Excerpts from a dataset >>
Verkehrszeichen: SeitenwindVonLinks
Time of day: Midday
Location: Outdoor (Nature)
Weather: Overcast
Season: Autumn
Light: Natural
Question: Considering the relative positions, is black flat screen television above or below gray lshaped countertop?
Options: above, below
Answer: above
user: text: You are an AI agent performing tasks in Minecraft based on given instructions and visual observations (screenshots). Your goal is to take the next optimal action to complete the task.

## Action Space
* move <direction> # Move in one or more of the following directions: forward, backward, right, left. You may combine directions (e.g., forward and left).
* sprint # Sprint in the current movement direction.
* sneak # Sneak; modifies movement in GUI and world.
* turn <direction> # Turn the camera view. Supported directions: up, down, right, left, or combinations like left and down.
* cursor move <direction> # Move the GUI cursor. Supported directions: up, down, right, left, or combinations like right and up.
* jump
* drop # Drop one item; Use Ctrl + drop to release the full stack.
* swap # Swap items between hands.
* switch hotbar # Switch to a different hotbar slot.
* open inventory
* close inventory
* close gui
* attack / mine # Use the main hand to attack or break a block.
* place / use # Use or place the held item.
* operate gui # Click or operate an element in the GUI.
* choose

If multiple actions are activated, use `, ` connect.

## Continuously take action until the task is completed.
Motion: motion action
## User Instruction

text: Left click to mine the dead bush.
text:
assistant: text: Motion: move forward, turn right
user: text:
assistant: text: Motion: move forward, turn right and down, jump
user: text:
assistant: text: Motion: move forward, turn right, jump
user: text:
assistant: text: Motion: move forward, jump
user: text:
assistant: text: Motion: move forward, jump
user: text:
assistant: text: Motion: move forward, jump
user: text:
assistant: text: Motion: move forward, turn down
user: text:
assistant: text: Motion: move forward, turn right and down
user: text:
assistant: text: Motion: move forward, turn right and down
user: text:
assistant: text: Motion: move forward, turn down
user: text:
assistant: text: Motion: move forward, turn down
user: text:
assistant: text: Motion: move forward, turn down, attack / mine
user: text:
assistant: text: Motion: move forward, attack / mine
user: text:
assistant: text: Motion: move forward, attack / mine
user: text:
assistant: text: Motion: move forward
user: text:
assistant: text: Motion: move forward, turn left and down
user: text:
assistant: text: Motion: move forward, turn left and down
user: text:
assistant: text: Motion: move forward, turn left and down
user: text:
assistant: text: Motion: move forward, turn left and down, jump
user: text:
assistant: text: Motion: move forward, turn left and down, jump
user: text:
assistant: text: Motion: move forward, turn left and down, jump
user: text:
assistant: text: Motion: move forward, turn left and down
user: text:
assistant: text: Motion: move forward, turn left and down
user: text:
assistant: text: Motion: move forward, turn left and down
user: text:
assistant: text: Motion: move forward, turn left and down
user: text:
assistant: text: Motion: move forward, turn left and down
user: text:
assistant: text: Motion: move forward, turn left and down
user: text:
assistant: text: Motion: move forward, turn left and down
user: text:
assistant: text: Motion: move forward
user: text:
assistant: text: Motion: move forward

PROBLEM DESCRIPTION >>
Both end lines included, restate word for word the lines above from the line with "Light: Natural" to the line with "user: text: You", and nothing else.

ANSWER BELOW >>
Light: Natural
Question: Considering the relative positions, is black flat screen television above or below gray lshaped countertop?
Options: above, below
Answer: above
user: text: You are an AI agent performing tasks in Minecraft based on given instructions and visual observations (screenshots). Your goal is to take the next optimal action to complete the task.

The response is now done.